The Forbidden Trilogy (The Forbidden Trilogy #1-3)

'Sam! Sam! Where are you?'

"I'm here, at the clinic. I got sick. You feel so close. I want to be near you, in person, not just as a thought."

'Me too. Someday soon, I promise.'

I started following the sound of his thoughts, wandering through the halls, but the secure-password/scan-protected door stopped me short. Only certain staff members had clearance into that section of the Clinic.

But he was in there.

If anyone found out about this, I would be in trouble. But how would they know? They couldn't read my mind. Or could they? I put my hand on the forbidden door, trying to get closer to him. I needed to see him, to touch him and feel him.

'You shouldn't put yourself at risk. Don't get caught.'

"I just need to find you. Maybe I can get the drugs out of your system, and you can escape."

'Not without you. I'd never leave you here.'

My body melted against the door. I would have given anything in that moment to have Luke's powers. I could just walk through everything that stood between me and Drake.

"Sam, what are you doing here?" Dr. Sato stood behind me, fists on slight hips, glaring at me.

"I don't know. I'm sorry. I started feeling dizzy and got disoriented. I was just looking for a place to sit down." A simple lie made possible by a lifetime of acting.

Her composure softened. "You should have waited for the guard to escort you back to your room. Maybe you stay here is better."

She helped me up and guided me to her office. I sat down on her love seat, fighting waves of nausea but trying to hide it.

"Here. Drink."

I took the juice and drank greedily. My energy surged as the sugar hit my system.

I sighed and set the empty cup on the coffee table in front of me. "I'm feeling better. You said it's just the flu, right? My fever broke. There's no reason I can't recover in the comfort of my room."

"Yes, okay, but come back if you feel dizzy or nauseous, or if any other odd symptoms persist."

"I will."

She picked up her phone, and a moment later, a guard—It's Gar!—came in with a wheelchair. I groaned, just wanting to get home, but I felt better knowing Gar would be my escort.

***

Once we made it past prying ears I twisted to look at him. "Did you get demoted? This hardly seems a fitting job for one of your skill."

He didn't make eye contact with me. He didn't so much as twitch his face, but his voice hit my mind with force.

'I'm just here to keep you safe. That's my job.'

I pried deeper into his mind and saw that he had developed a soft spot for me after our assignment. It looked like I had my own guardian angel.

He dropped me at my dorm, walked me to my room, and then left without saying another word.

I dressed in my flannel pajamas and crawled into bed before I tried contacting Drake again.

On the one hand, a constant telepathic connection with him created a deep emotional intimacy. On the other hand, I needed him to be real and tangible, not just a voice.

"Drake, can you hear me?"

'Yes, what happened?'

I told him about my new friend and the trip back to my room. "Want to see something?"

'Sure.'

I'd been able to project the image of my painting to him; maybe I could do the same now. My tidy room, my closet with the door hanging open, the oak dresser and matching desk, a MacBook sitting on top of it—I imagined my mind as a computer, sending every captured image via email.
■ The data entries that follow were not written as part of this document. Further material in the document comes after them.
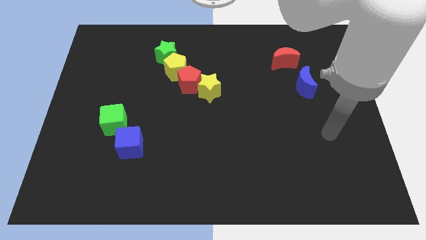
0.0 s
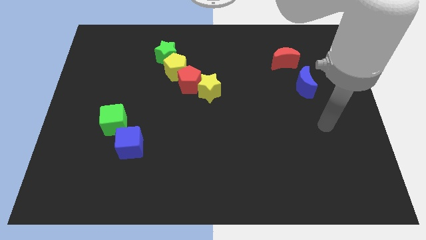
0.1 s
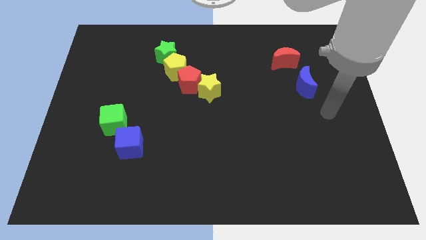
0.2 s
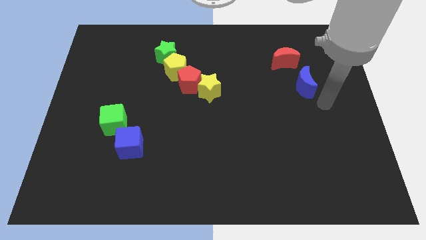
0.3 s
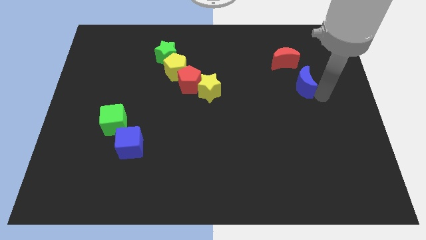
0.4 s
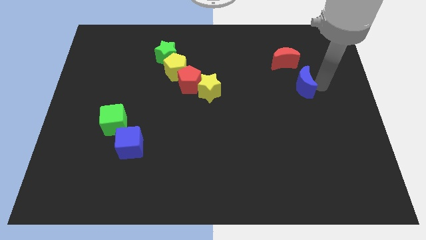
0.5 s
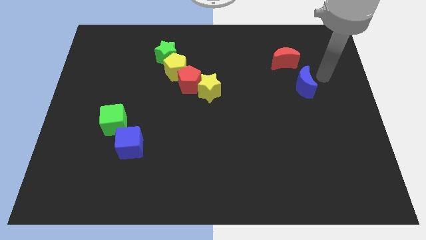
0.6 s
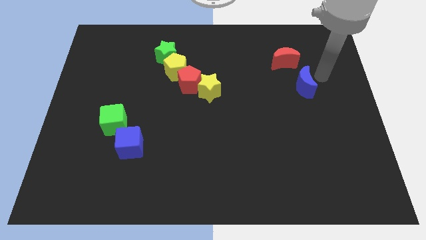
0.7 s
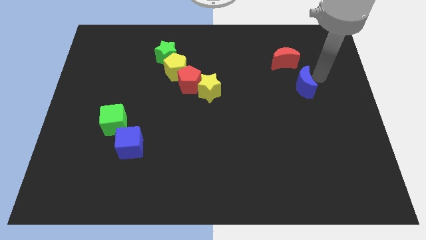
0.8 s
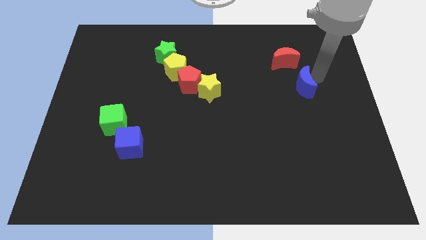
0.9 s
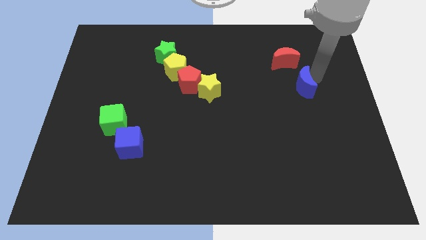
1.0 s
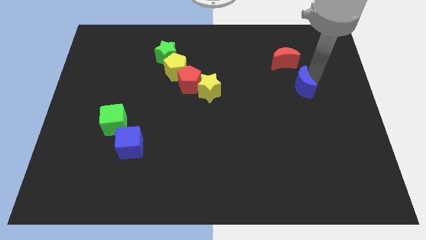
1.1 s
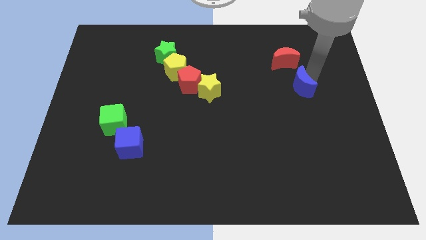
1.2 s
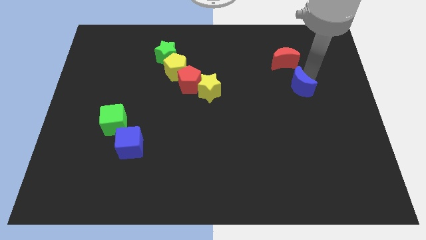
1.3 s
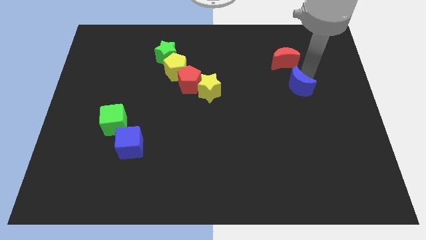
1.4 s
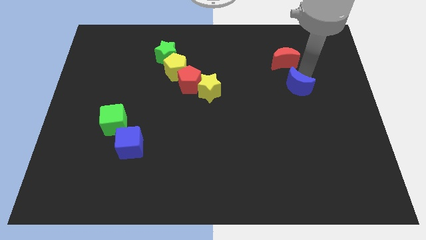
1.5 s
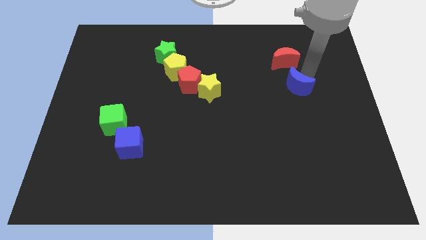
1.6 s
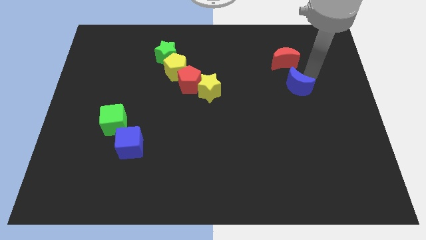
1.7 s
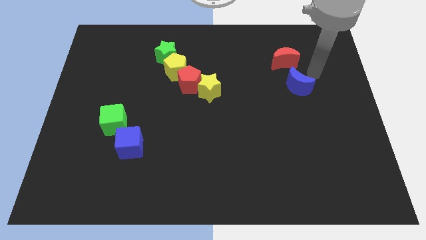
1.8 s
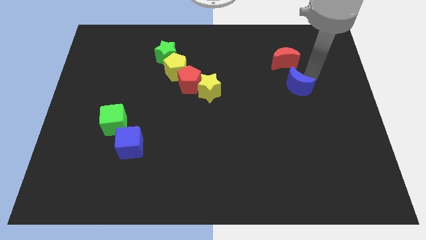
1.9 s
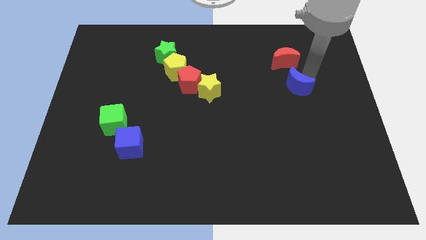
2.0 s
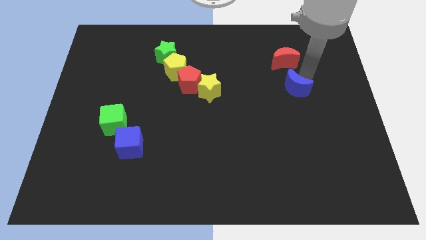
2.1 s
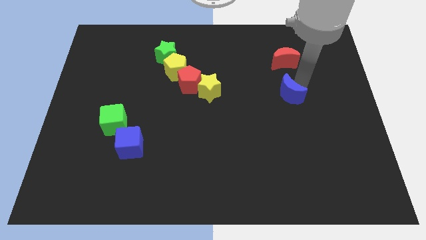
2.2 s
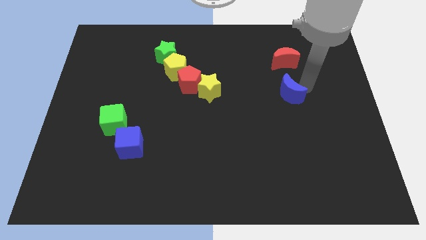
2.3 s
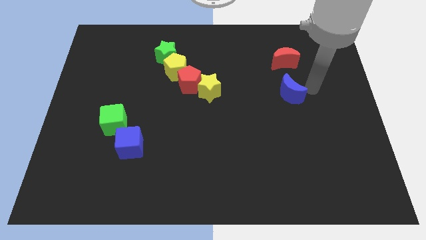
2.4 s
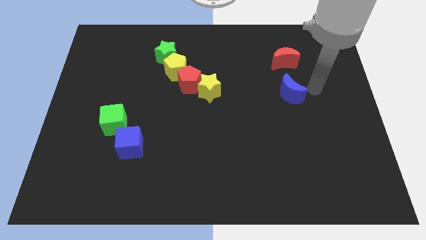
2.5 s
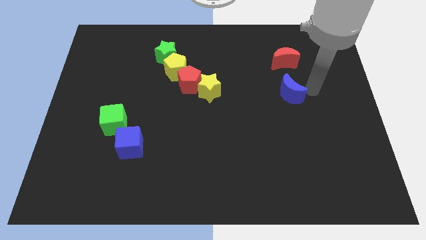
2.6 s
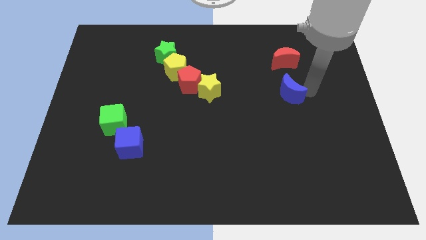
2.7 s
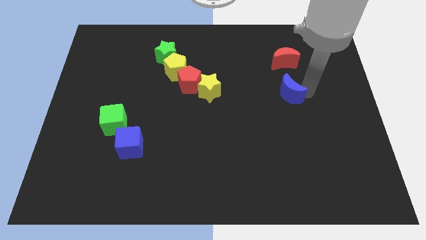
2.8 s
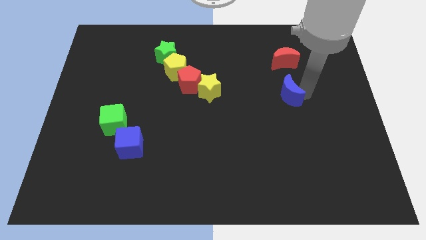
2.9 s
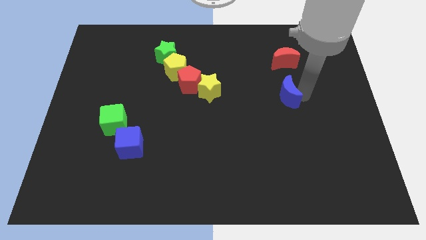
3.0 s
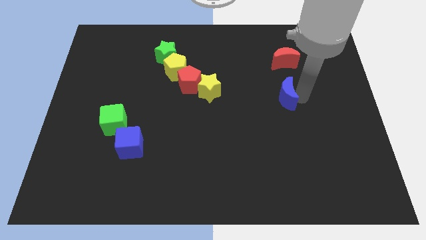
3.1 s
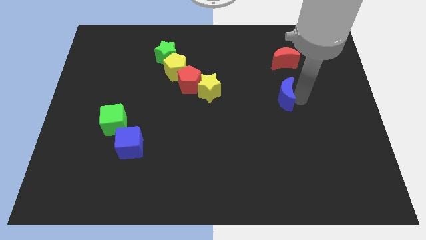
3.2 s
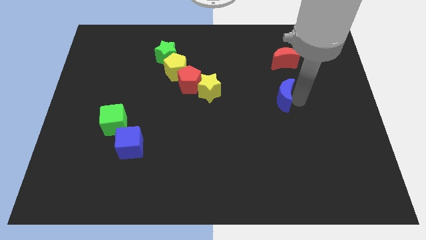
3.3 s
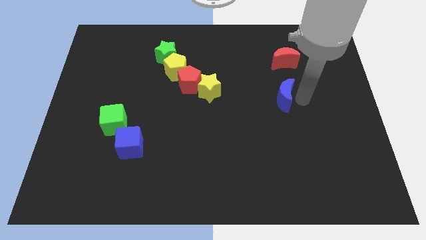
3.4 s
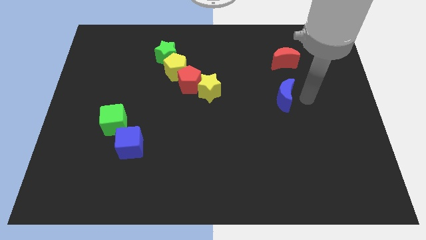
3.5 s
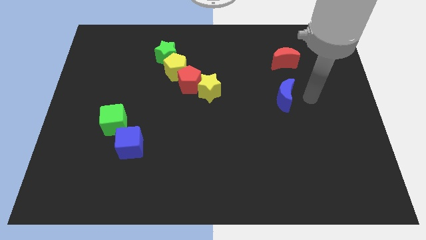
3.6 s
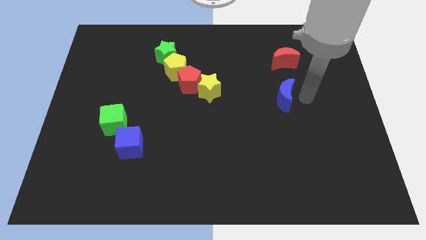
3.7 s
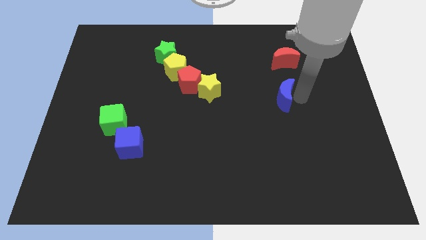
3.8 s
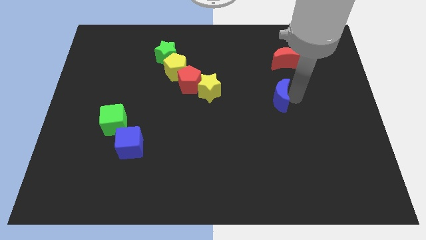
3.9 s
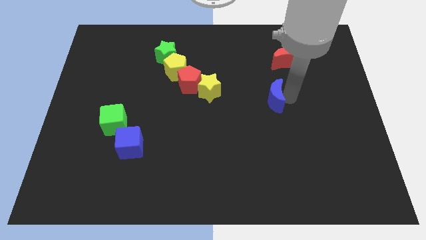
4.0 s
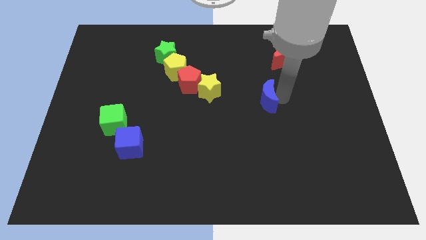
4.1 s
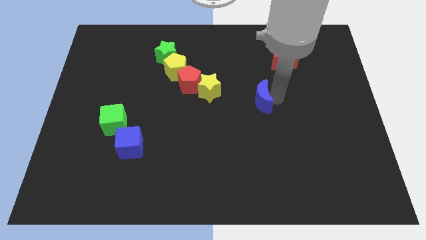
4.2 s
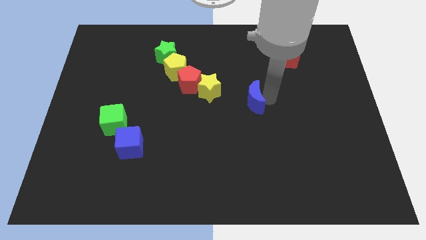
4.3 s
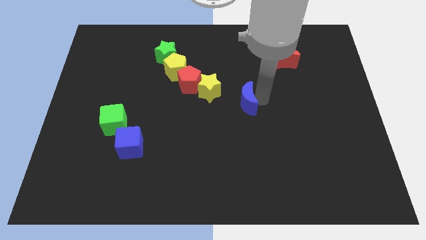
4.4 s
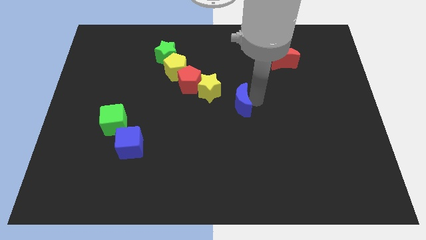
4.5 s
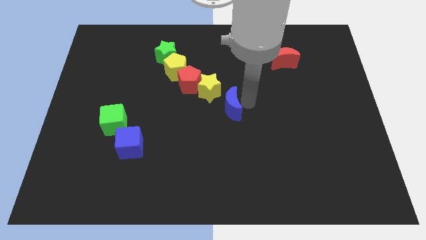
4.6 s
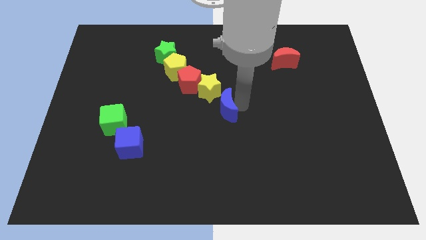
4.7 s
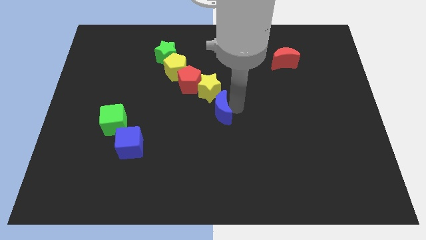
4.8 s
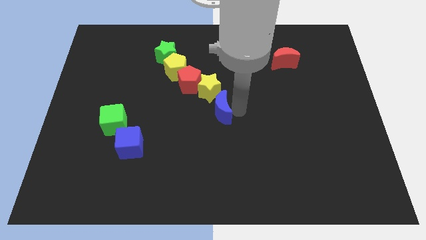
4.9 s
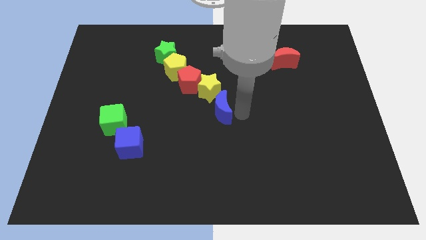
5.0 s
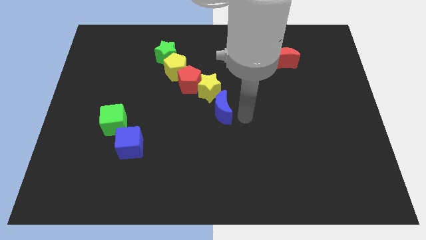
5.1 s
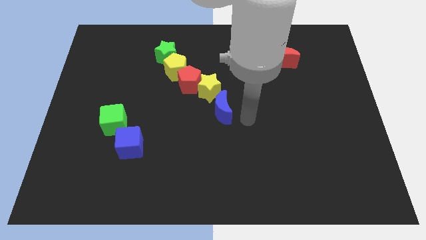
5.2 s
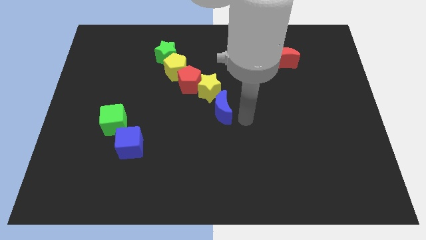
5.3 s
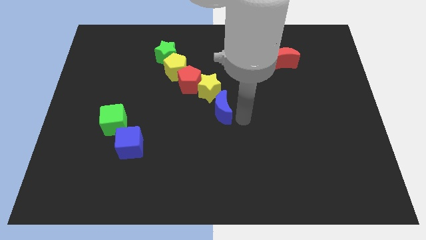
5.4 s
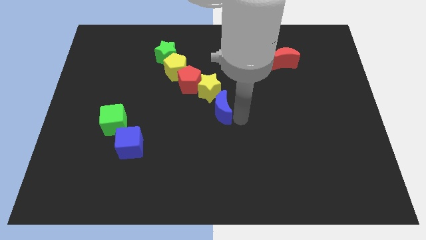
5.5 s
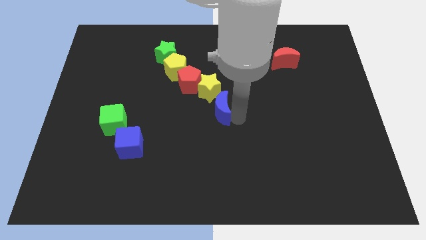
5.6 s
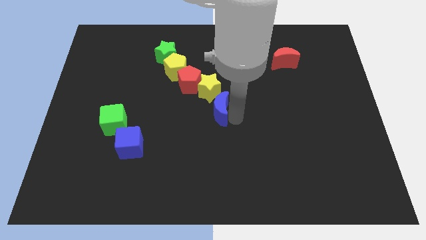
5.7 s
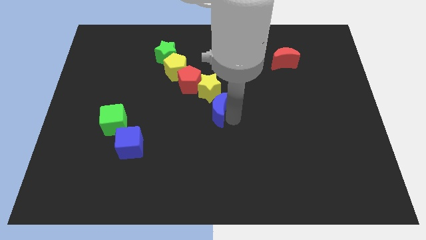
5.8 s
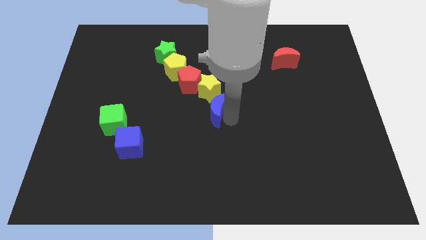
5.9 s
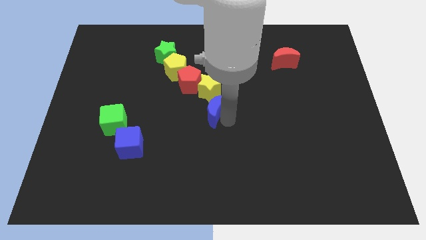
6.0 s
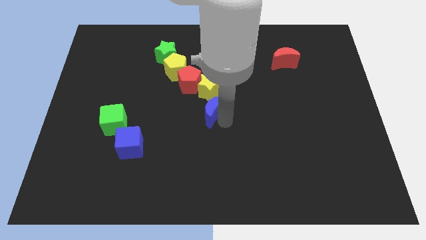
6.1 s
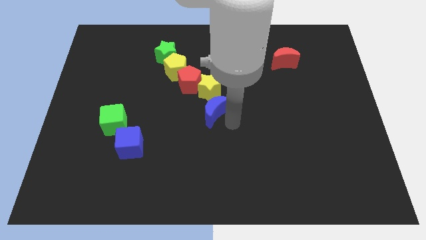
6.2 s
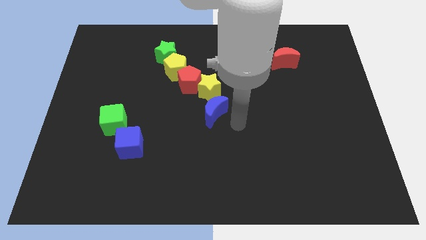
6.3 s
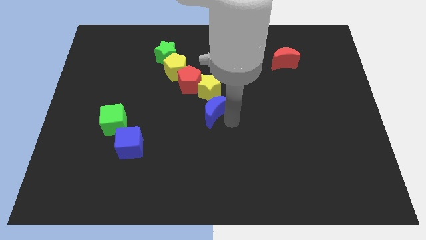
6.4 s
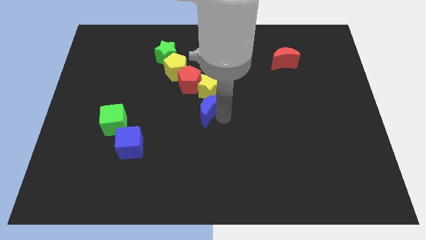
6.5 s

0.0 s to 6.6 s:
move the blue moon left

"Can you see what I'm showing you?" I didn't expect it to work. Vomiting and fevers didn't put me at my strongest.

'Is that your bedroom?'

"Yes!"

'It's nice. Cozy. Are those pictures of your friends on the wall?'

"Lucy and Luke, yes. And some other kids from class field trips."

'You're very pretty.'

"Thank you."

'Have you had a happy life here?'

Given his childhood memories, I could understand his curiosity. As bad as things had become, my life had been pretty good by comparison.

"That's tricky to answer. It's hard to miss what you never had, but when I read books, see TV shows or visit other families, I wonder what my life would have been like raised in a family. I guess I've always done my job knowing that when I turn eighteen, I'll be free to do what I want. I now have enough control not to put myself or others at risk. When I feel your visions, I know that my life has been pretty good compared to what you've endured."

'Your birthday's coming up, Sam. We need to talk about what happens next.'

I didn't know. So much had happened that I hadn't really given thought to my birthday and my release. College waited for me on the other side of this life, didn't it? Sarah Lawrence and freedom. But I knew—in the stillness of my heart I knew—it was all a dream of mist and vapors. It had never been real.